▶ BRIEF
If a record holds a picture, leave the picture out; return everything else exactly.

▶ SUPPLIED RECORDS
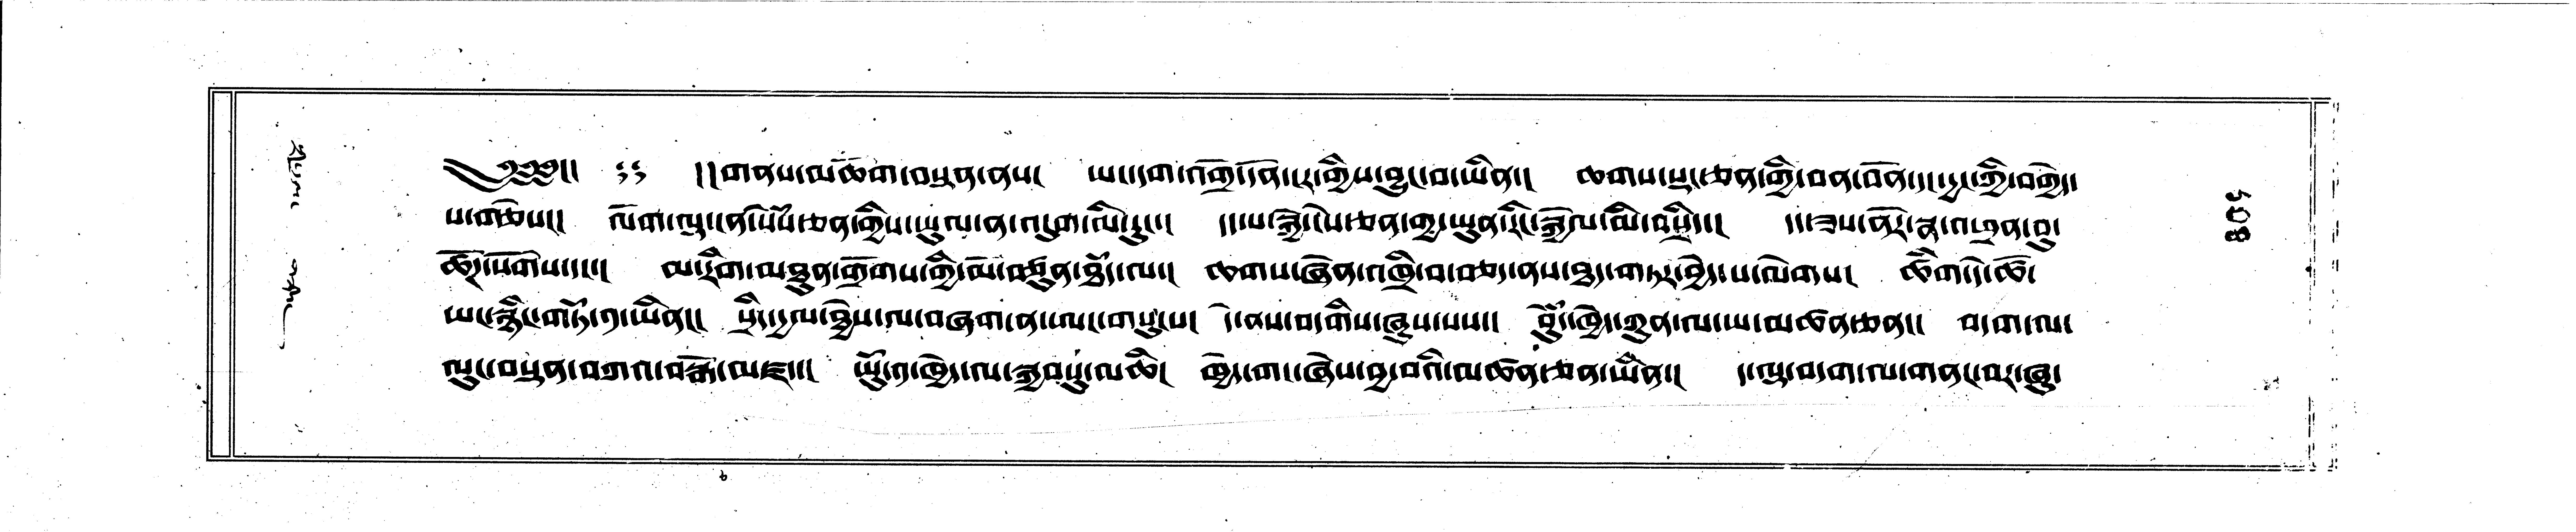གནས་མཆོག་བསྟན་ནས། ཡང་དག་འགྲོ་དོན་ངར་གྱིས་བྱུང་བ་ཡིན། ཆགས་སྡང་ཅན་གྱི་བན་བོན་དང་རྒྱང་གིས་བགྱེད་
པ་གཅེས། ལོག་ལྟ་ངན་སེམས་ཅན་གྱི་ཡུལ་ན་འདུག་མི་རུང་། དད་པ་སྐྱོ་ངེས་ཅན་གྱི་ཡུན་རིང་སྐྱོལ་མི་སྲིད། དད་ཟས་ནོར་སྣ་འཕྲན་བུ་
ཚོགས་སོགས་དང་། མ་རིག་མཐུན་གྲོགས་ཀྱི་མོ་བཙུན་ཐམས་ཅད་ལ། ཆགས་ཞེན་འཁྲི་བ་བཅད་ནས་ཐད་གཏོར་བྱེད་པ་ལེགས། ཚིག་དེ་ཚོ་
ཡང་སྙིང་གཏམ་ཞིག་ཡིན། སྲིད་རྒྱལ་ཐུགས་རྗེས་ལ་བཞག་ན་ཨང་གསུངས། དེ་ནས་བདག་གིས་ཞུས་པས། བུད་མེད་ཁྱེད་ཀུན་ལ་ཡ་མཚན་ཅན། བདག་ལ་
ལུང་བསྟན་བཀའ་བསྒོ་མཛད། །ཡུམ་གཅིག་ཁྱེད་ལ་སྐྱབས་སུ་མཆི། །ཁྱེད་གང་ཞེས་བྱ་བའི་མཚན་ཅན་ཡིན། །ད་ལྟ་བདག་ལ་གནང་བར་ཞུ་
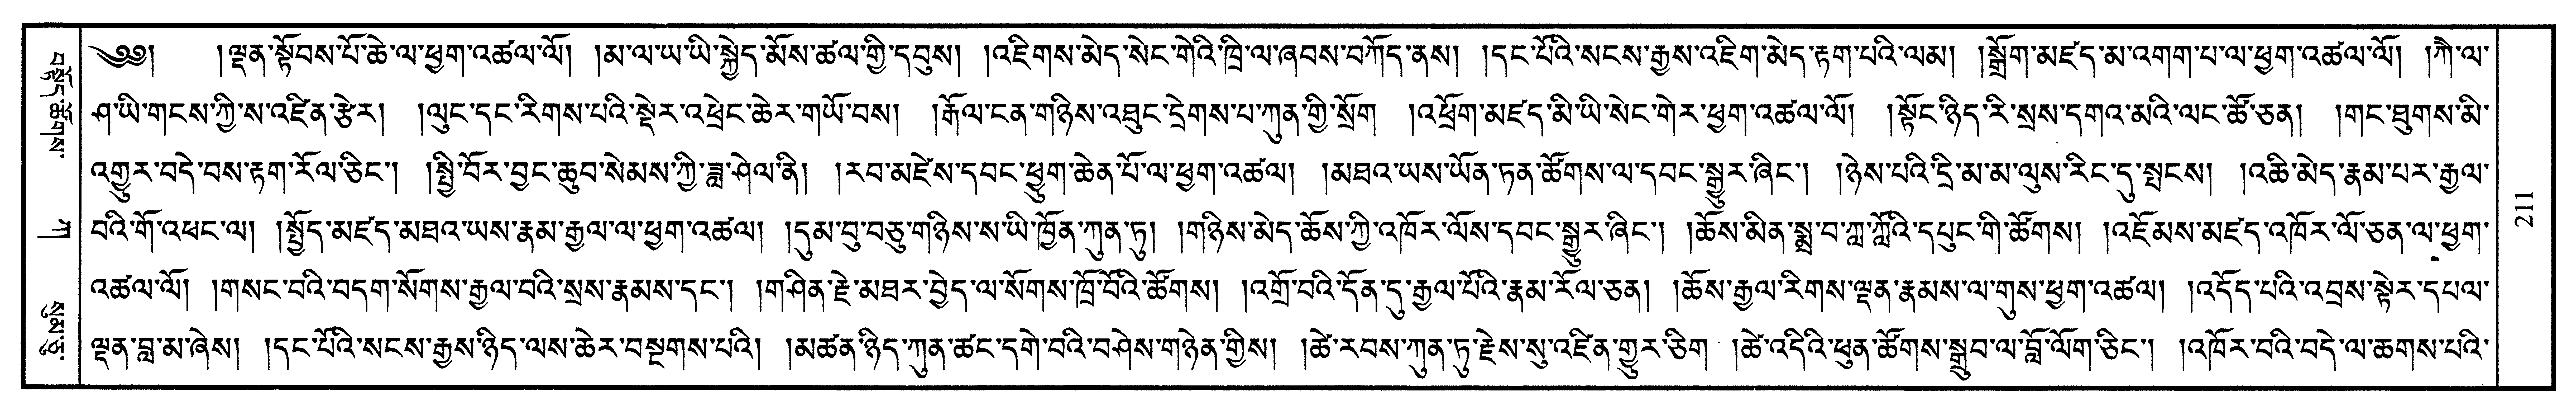༄༅། །ལྡན་སྟོབས་པོ་ཆེ་ལ་ཕྱག་འཚལ་ལོ། །མ་ལ་ཡ་ཡི་སྐྱེད་མོས་ཚལ་གྱི་དབུས། །འཇིགས་མེད་སེང་གེའི་ཁྲི་ལ་ཞབས་བཀོད་ནས། །དང་པོའི་སངས་རྒྱས་འཇིག་མེད་རྟག་པའི་ལམ། །སྒྲོག་མཛད་མ་འགག་པ་ལ་ཕྱག་འཚལ་ལོ། །ཀཻ་ལ་
ཤ་ཡི་གངས་ཀྱི་ས་འཛིན་རྩེར། །ལུང་དང་རིགས་པའི་སྡེར་འཕྲེང་ཆེར་གཡོ་བས། །རྒོལ་ངན་གཉིས་འཐུང་དྲེགས་པ་ཀུན་གྱི་སྲོག །འཕྲོག་མཛད་མི་ཡི་སེང་གེར་ཕྱག་འཚལ་ལོ། །སྟོང་ཉིད་རི་སྲས་དགའ་མའི་ལང་ཚོ་ཅན། །གང་ཐུགས་མི་
འགྱུར་བདེ་བས་རྟག་རོལ་ཅིང་། །སྤྱི་བོར་བྱང་ཆུབ་སེམས་ཀྱི་ཟླ་ཤེལ་ནི། །རབ་མཛེས་དབང་ཕྱུག་ཆེན་པོ་ལ་ཕྱག་འཚལ། །མཐའ་ཡས་ཡོན་ཏན་ཚོགས་ལ་དབང་སྒྱུར་ཞིང་། །ཉེས་པའི་དྲི་མ་མ་ལུས་རིང་དུ་སྤངས། །འཆི་མེད་རྣམ་པར་རྒྱལ་
བའི་གོ་འཕང་ལ། །སྤྱོད་མཛད་མཐའ་ཡས་རྣམ་རྒྱལ་ལ་ཕྱག་འཚལ། །དུམ་བུ་བཅུ་གཉིས་ས་ཡི་ཁྱོན་ཀུན་ཏུ། །གཉི་མེད་ཆོས་ཀྱི་འཁོར་ལོས་དབང་སྒྱུར་ཞིང་། །ཆོས་མིན་སྨྲ་བ་ཀླ་ཀློའི་དཔུང་གི་ཚོགས། །འཇོམས་མཛད་འཁོར་ལོ་ཅན་ལ་ཕྱག་
འཚལ་ལོ། །གསང་བའི་བདག་སོགས་རྒྱལ་བའི་སྲས་རྣམས་དང་། །གཤིན་རྗེ་མཐར་བྱེད་ལ་སོགས་ཁྲོ་བོའི་ཚོགས། །འགྲོ་བའི་དོན་དུ་རྒྱལ་པོའི་རྣམ་རོལ་ཅན། །ཆོས་རྒྱལ་རིགས་ལྡན་རྣམས་ལ་གུས་ཕྱག་འཚལ། །འདོད་པའི་འབྲས་སྟེར་དཔལ་
ལྡན་བླ་མ་ཞེས། །དང་པོའི་སངས་རྒྱས་ཉིད་ལས་ཆེར་བསྔགས་པའི། །མཚན་ཉིད་ཀུན་ཚང་དགེ་བའི་བཤེས་གཉེན་གྱིས། ཚེ་རབས་ཀུན་ཏུ་རྗེས་སུ་འཛིན་གྱུར་ཅིག །ཚེ་འདིའི་ཕུན་ཚོགས་སྒྲུབ་ལ་བློ་ལོག་ཅིང་། །འཁོར་བའི་བདེ་ལ་ཆགས་པའི་

▶ RESULT FOR THIS EXERCISE
གནས་མཆོག་བསྟན་ནས། ཡང་དག་འགྲོ་དོན་ངར་གྱིས་བྱུང་བ་ཡིན། ཆགས་སྡང་ཅན་གྱི་བན་བོན་དང་རྒྱང་གིས་བགྱེད་
པ་གཅེས། ལོག་ལྟ་ངན་སེམས་ཅན་གྱི་ཡུལ་ན་འདུག་མི་རུང་། དད་པ་སྐྱོ་ངེས་ཅན་གྱི་ཡུན་རིང་སྐྱོལ་མི་སྲིད། དད་ཟས་ནོར་སྣ་འཕྲན་བུ་
ཚོགས་སོགས་དང་། མ་རིག་མཐུན་གྲོགས་ཀྱི་མོ་བཙུན་ཐམས་ཅད་ལ། ཆགས་ཞེན་འཁྲི་བ་བཅད་ནས་ཐད་གཏོར་བྱེད་པ་ལེགས། ཚིག་དེ་ཚོ་
ཡང་སྙིང་གཏམ་ཞིག་ཡིན། སྲིད་རྒྱལ་ཐུགས་རྗེས་ལ་བཞག་ན་ཨང་གསུངས། དེ་ནས་བདག་གིས་ཞུས་པས། བུད་མེད་ཁྱེད་ཀུན་ལ་ཡ་མཚན་ཅན། བདག་ལ་
ལུང་བསྟན་བཀའ་བསྒོ་མཛད། །ཡུམ་གཅིག་ཁྱེད་ལ་སྐྱབས་སུ་མཆི། །ཁྱེད་གང་ཞེས་བྱ་བའི་མཚན་ཅན་ཡིན། །ད་ལྟ་བདག་ལ་གནང་བར་ཞུ་
༄༅། །ལྡན་སྟོབས་པོ་ཆེ་ལ་ཕྱག་འཚལ་ལོ། །མ་ལ་ཡ་ཡི་སྐྱེད་མོས་ཚལ་གྱི་དབུས། །འཇིགས་མེད་སེང་གེའི་ཁྲི་ལ་ཞབས་བཀོད་ནས། །དང་པོའི་སངས་རྒྱས་འཇིག་མེད་རྟག་པའི་ལམ། །སྒྲོག་མཛད་མ་འགག་པ་ལ་ཕྱག་འཚལ་ལོ། །ཀཻ་ལ་
ཤ་ཡི་གངས་ཀྱི་ས་འཛིན་རྩེར། །ལུང་དང་རིགས་པའི་སྡེར་འཕྲེང་ཆེར་གཡོ་བས། །རྒོལ་ངན་གཉིས་འཐུང་དྲེགས་པ་ཀུན་གྱི་སྲོག །འཕྲོག་མཛད་མི་ཡི་སེང་གེར་ཕྱག་འཚལ་ལོ། །སྟོང་ཉིད་རི་སྲས་དགའ་མའི་ལང་ཚོ་ཅན། །གང་ཐུགས་མི་
འགྱུར་བདེ་བས་རྟག་རོལ་ཅིང་། །སྤྱི་བོར་བྱང་ཆུབ་སེམས་ཀྱི་ཟླ་ཤེལ་ནི། །རབ་མཛེས་དབང་ཕྱུག་ཆེན་པོ་ལ་ཕྱག་འཚལ། །མཐའ་ཡས་ཡོན་ཏན་ཚོགས་ལ་དབང་སྒྱུར་ཞིང་། །ཉེས་པའི་དྲི་མ་མ་ལུས་རིང་དུ་སྤངས། །འཆི་མེད་རྣམ་པར་རྒྱལ་
བའི་གོ་འཕང་ལ། །སྤྱོད་མཛད་མཐའ་ཡས་རྣམ་རྒྱལ་ལ་ཕྱག་འཚལ། །དུམ་བུ་བཅུ་གཉིས་ས་ཡི་ཁྱོན་ཀུན་ཏུ། །གཉི་མེད་ཆོས་ཀྱི་འཁོར་ལོས་དབང་སྒྱུར་ཞིང་། །ཆོས་མིན་སྨྲ་བ་ཀླ་ཀློའི་དཔུང་གི་ཚོགས། །འཇོམས་མཛད་འཁོར་ལོ་ཅན་ལ་ཕྱག་
འཚལ་ལོ། །གསང་བའི་བདག་སོགས་རྒྱལ་བའི་སྲས་རྣམས་དང་། །གཤིན་རྗེ་མཐར་བྱེད་ལ་སོགས་ཁྲོ་བོའི་ཚོགས། །འགྲོ་བའི་དོན་དུ་རྒྱལ་པོའི་རྣམ་རོལ་ཅན། །ཆོས་རྒྱལ་རིགས་ལྡན་རྣམས་ལ་གུས་ཕྱག་འཚལ། །འདོད་པའི་འབྲས་སྟེར་དཔལ་
ལྡན་བླ་མ་ཞེས། །དང་པོའི་སངས་རྒྱས་ཉིད་ལས་ཆེར་བསྔགས་པའི། །མཚན་ཉིད་ཀུན་ཚང་དགེ་བའི་བཤེས་གཉེན་གྱིས། ཚེ་རབས་ཀུན་ཏུ་རྗེས་སུ་འཛིན་གྱུར་ཅིག །ཚེ་འདིའི་ཕུན་ཚོགས་སྒྲུབ་ལ་བློ་ལོག་ཅིང་། །འཁོར་བའི་བདེ་ལ་ཆགས་པའི་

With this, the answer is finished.